- Assigned task -
An exact copy is needed of the lines in the entries below from the line with "Topology: 8 solids, 8" up to and including the line with "#310=VECTOR('',#1313,10.);", and of nothing else. Leave the pictures out.

::: Records shown :::

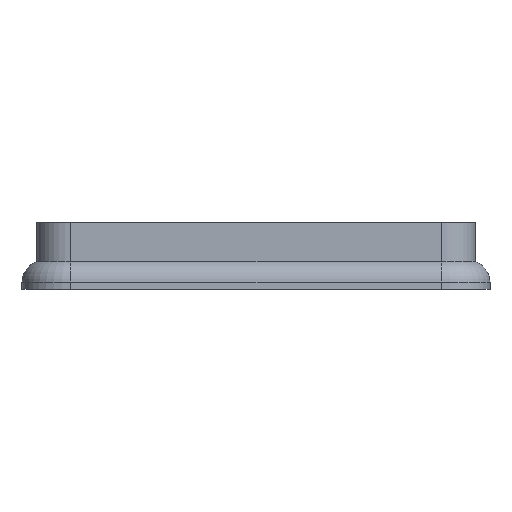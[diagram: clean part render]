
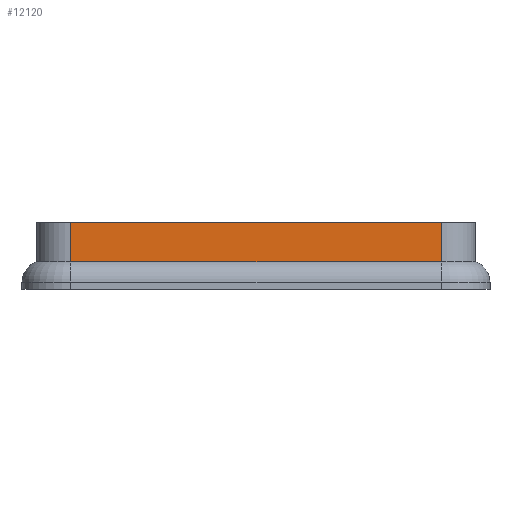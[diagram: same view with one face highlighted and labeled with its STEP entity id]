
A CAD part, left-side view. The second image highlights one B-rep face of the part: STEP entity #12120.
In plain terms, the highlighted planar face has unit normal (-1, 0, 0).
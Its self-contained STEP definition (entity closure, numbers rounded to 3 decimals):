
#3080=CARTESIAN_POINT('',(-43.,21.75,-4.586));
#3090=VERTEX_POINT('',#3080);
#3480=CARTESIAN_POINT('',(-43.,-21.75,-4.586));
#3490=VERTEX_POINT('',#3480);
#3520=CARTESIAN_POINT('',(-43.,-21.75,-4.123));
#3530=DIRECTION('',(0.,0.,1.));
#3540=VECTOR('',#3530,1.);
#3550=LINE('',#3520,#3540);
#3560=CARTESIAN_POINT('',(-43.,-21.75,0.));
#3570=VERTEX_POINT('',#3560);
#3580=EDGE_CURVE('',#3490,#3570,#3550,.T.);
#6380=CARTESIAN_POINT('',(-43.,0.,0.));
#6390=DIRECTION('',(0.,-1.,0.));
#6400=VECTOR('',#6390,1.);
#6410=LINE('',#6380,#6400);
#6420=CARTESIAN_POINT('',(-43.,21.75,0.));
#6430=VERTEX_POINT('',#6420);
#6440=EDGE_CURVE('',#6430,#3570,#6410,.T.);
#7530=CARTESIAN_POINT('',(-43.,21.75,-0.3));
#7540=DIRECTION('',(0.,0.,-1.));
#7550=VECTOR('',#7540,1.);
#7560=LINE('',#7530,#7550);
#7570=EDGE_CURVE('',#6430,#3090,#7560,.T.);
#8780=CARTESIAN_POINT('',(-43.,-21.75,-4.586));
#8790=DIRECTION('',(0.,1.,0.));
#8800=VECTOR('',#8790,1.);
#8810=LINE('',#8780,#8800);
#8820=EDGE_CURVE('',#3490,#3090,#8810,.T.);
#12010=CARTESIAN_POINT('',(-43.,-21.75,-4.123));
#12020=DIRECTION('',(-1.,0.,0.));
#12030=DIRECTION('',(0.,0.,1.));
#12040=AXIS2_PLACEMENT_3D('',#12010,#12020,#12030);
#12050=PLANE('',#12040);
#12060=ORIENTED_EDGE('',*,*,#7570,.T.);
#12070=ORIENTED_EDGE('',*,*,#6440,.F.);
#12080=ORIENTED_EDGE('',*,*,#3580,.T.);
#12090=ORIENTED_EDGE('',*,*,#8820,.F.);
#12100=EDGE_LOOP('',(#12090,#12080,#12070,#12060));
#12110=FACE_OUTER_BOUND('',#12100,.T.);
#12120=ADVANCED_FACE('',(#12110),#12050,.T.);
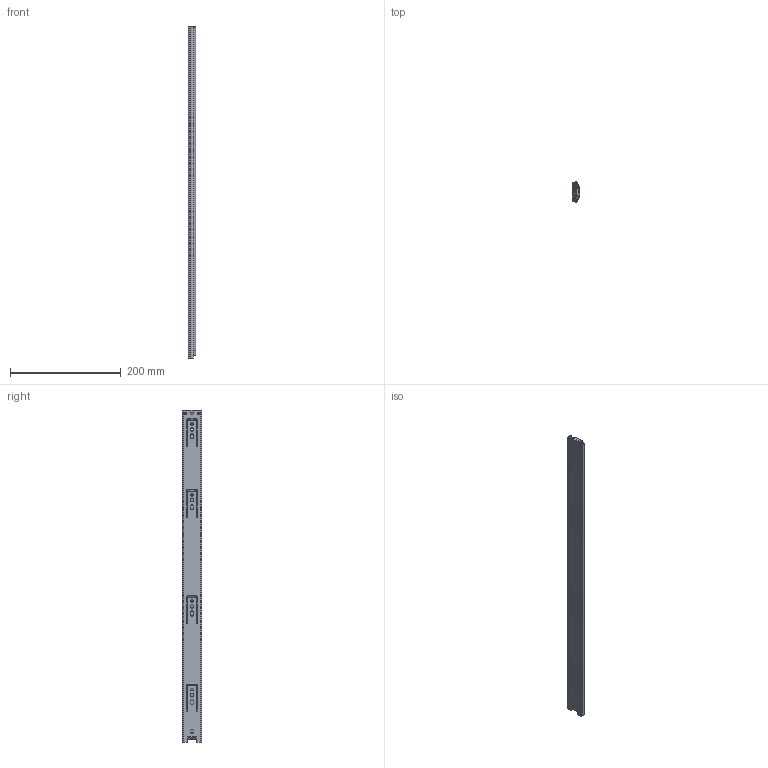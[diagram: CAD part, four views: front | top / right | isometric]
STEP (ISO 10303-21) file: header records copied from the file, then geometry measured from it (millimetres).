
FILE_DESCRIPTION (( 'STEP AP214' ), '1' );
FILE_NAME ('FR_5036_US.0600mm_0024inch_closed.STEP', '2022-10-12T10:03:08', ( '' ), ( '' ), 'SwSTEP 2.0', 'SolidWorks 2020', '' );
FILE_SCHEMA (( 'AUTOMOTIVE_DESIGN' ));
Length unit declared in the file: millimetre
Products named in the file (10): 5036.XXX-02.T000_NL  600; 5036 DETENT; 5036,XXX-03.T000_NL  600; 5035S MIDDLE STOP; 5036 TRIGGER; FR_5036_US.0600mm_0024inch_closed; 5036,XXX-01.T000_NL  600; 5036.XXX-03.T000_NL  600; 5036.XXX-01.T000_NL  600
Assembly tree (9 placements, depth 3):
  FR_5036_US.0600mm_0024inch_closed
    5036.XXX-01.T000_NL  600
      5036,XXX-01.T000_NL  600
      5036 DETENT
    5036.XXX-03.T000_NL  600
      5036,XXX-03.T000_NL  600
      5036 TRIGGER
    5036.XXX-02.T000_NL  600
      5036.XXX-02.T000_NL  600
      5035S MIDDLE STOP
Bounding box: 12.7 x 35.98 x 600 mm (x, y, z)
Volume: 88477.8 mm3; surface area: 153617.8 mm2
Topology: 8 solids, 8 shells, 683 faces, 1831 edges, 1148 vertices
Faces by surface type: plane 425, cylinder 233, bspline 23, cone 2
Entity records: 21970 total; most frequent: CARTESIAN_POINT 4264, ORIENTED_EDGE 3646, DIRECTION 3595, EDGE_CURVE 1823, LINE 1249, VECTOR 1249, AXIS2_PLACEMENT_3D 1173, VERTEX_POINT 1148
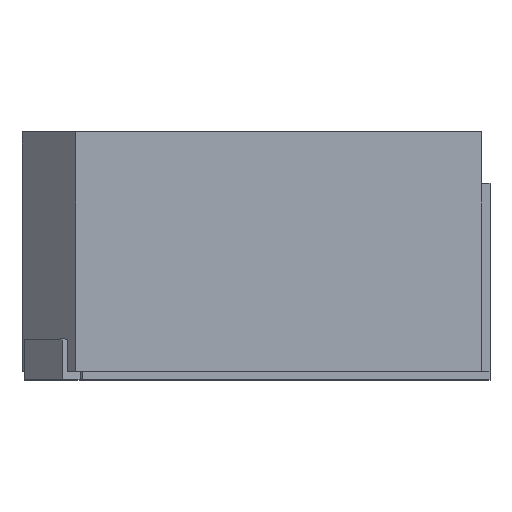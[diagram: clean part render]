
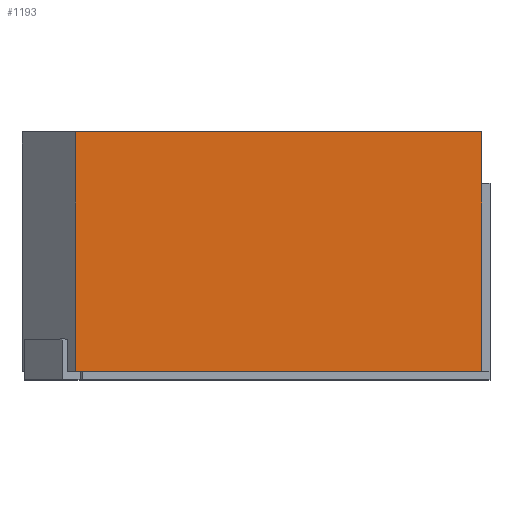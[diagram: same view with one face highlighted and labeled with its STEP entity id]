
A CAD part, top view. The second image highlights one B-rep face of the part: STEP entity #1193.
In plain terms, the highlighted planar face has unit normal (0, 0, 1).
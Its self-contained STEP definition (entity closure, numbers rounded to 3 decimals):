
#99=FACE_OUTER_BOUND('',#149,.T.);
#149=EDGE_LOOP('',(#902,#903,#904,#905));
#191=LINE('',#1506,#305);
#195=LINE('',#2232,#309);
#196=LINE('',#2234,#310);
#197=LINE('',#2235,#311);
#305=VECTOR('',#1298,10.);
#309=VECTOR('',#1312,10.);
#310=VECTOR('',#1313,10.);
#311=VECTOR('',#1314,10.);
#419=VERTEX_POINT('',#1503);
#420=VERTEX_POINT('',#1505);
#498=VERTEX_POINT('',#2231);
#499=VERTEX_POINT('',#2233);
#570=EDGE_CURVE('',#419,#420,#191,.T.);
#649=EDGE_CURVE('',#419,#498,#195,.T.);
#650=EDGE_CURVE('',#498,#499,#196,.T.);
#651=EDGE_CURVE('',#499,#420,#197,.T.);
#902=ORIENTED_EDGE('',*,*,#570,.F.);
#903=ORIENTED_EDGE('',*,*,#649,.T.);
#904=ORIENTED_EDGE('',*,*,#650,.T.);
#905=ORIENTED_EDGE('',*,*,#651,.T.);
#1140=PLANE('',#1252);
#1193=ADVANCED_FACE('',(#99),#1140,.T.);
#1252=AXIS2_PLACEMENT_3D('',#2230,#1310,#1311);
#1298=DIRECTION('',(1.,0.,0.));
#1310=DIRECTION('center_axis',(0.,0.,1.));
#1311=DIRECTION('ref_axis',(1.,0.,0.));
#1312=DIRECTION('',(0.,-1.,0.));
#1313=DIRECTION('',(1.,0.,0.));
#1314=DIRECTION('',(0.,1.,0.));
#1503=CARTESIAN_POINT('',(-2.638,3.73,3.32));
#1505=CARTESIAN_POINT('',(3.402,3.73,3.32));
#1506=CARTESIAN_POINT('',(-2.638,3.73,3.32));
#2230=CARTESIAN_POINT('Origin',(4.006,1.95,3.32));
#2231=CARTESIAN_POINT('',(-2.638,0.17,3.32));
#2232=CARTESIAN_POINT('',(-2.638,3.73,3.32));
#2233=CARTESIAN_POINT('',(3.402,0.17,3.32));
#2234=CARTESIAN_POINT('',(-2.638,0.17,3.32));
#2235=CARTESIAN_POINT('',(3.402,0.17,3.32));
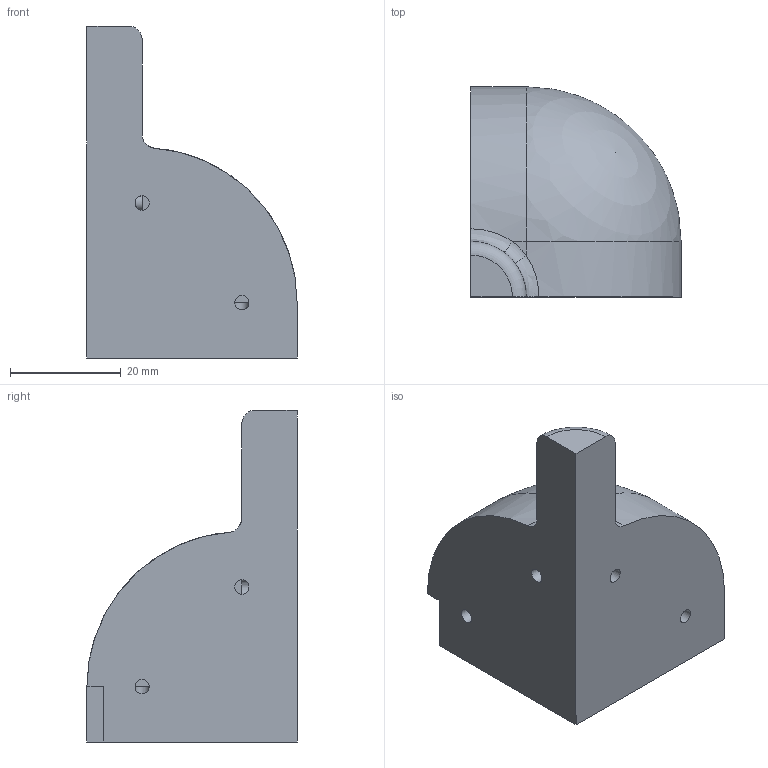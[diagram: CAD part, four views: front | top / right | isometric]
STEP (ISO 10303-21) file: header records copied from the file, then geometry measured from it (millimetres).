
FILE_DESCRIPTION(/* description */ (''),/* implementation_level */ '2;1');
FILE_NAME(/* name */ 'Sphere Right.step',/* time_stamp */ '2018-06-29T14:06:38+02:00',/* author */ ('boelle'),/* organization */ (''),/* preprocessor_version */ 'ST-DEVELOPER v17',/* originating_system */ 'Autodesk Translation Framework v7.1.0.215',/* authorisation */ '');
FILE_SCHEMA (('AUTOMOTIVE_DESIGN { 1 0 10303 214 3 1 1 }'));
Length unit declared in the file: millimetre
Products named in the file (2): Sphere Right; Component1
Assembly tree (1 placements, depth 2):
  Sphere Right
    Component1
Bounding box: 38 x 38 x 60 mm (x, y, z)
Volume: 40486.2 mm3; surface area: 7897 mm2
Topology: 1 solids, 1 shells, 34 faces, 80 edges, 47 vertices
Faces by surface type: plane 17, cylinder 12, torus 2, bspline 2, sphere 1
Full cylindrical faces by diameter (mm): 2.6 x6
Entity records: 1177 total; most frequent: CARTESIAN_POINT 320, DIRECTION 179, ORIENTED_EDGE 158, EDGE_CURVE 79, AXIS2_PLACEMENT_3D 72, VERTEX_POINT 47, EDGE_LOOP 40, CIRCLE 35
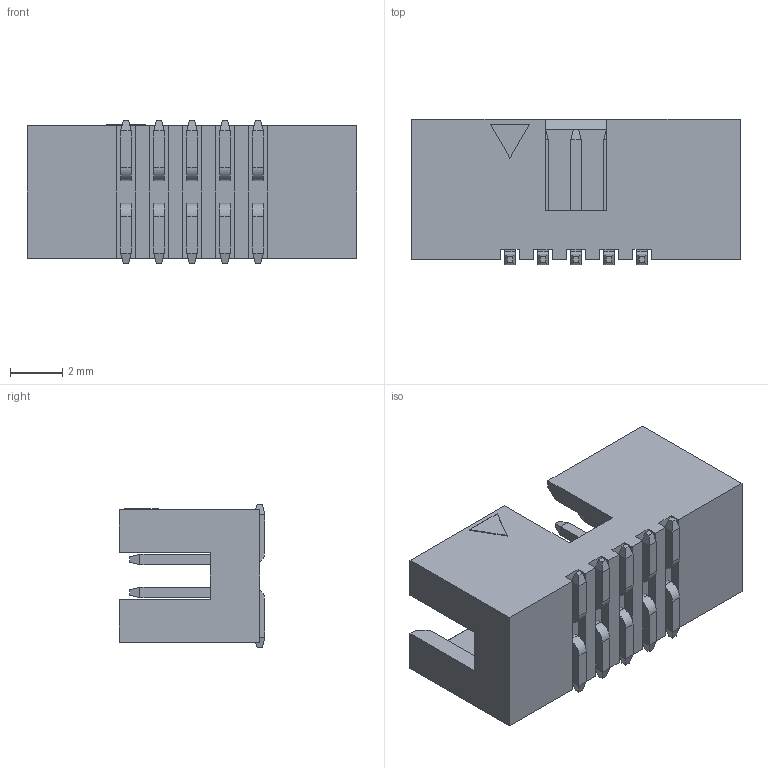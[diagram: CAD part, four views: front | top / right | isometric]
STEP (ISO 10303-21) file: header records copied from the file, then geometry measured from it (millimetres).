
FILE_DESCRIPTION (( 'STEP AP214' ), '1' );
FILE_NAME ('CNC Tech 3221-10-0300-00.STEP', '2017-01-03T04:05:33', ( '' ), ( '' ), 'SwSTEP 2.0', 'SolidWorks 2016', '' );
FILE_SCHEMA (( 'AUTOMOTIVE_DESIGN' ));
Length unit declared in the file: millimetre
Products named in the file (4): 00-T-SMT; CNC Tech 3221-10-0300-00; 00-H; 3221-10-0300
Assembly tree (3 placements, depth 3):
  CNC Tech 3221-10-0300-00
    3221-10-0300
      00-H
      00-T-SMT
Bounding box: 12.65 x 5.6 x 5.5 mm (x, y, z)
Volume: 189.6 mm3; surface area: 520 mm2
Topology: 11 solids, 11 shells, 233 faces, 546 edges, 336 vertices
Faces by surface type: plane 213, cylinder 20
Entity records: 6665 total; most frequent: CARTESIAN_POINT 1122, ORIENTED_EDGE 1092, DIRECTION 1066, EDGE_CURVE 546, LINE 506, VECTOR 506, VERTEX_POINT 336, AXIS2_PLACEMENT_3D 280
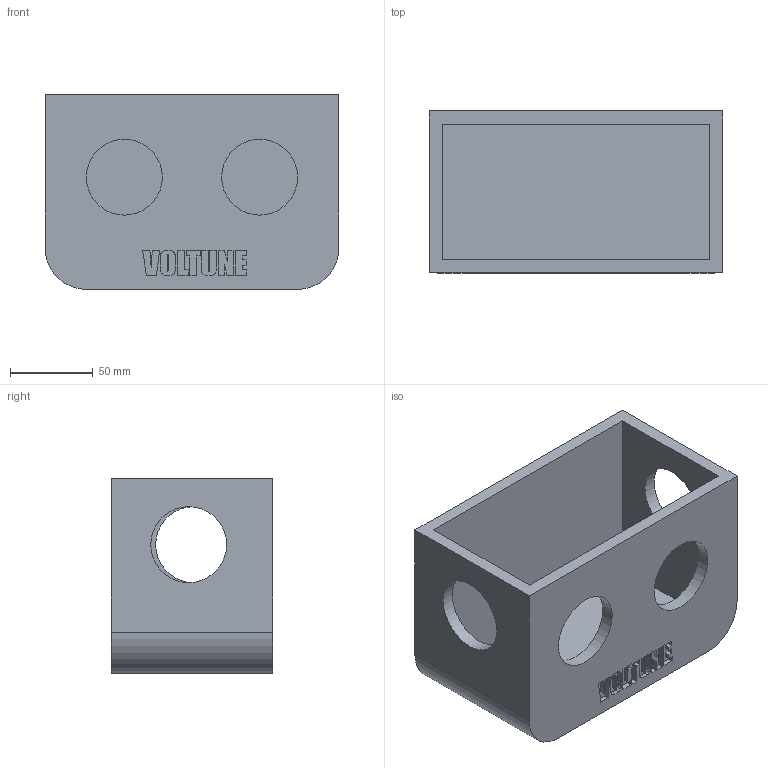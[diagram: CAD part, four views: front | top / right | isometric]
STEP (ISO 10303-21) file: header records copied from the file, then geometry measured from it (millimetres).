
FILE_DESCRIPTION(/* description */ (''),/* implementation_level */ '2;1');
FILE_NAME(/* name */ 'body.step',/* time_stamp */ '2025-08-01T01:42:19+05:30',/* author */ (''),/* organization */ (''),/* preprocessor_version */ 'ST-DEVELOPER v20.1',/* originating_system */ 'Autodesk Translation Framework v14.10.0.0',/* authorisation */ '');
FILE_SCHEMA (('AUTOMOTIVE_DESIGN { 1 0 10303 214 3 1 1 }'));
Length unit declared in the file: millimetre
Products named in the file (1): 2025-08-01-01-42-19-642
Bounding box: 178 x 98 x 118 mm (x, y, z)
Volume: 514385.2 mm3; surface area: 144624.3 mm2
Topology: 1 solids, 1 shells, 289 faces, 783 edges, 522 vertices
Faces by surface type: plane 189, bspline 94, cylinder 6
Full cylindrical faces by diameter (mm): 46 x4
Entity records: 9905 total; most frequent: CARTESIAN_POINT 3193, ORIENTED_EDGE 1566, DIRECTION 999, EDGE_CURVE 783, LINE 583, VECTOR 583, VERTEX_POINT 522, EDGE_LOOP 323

:::

- Reply -
Topology: 8 solids, 8 shells, 683 faces, 1831 edges, 1148 vertices
Faces by surface type: plane 425, cylinder 233, bspline 23, cone 2
Entity records: 21970 total; most frequent: CARTESIAN_POINT 4264, ORIENTED_EDGE 3646, DIRECTION 3595, EDGE_CURVE 1823, LINE 1249, VECTOR 1249, AXIS2_PLACEMENT_3D 1173, VERTEX_POINT 1148
[diagram: clean part render]
[diagram: same view with one face highlighted and labeled with its STEP entity id]
A CAD part, top view. The second image highlights one B-rep face of the part: STEP entity #1193.
In plain terms, the highlighted planar face has unit normal (0, 0, 1).
Its self-contained STEP definition (entity closure, numbers rounded to 3 decimals):
#99=FACE_OUTER_BOUND('',#149,.T.);
#149=EDGE_LOOP('',(#902,#903,#904,#905));
#191=LINE('',#1506,#305);
#195=LINE('',#2232,#309);
#196=LINE('',#2234,#310);
#197=LINE('',#2235,#311);
#305=VECTOR('',#1298,10.);
#309=VECTOR('',#1312,10.);
#310=VECTOR('',#1313,10.);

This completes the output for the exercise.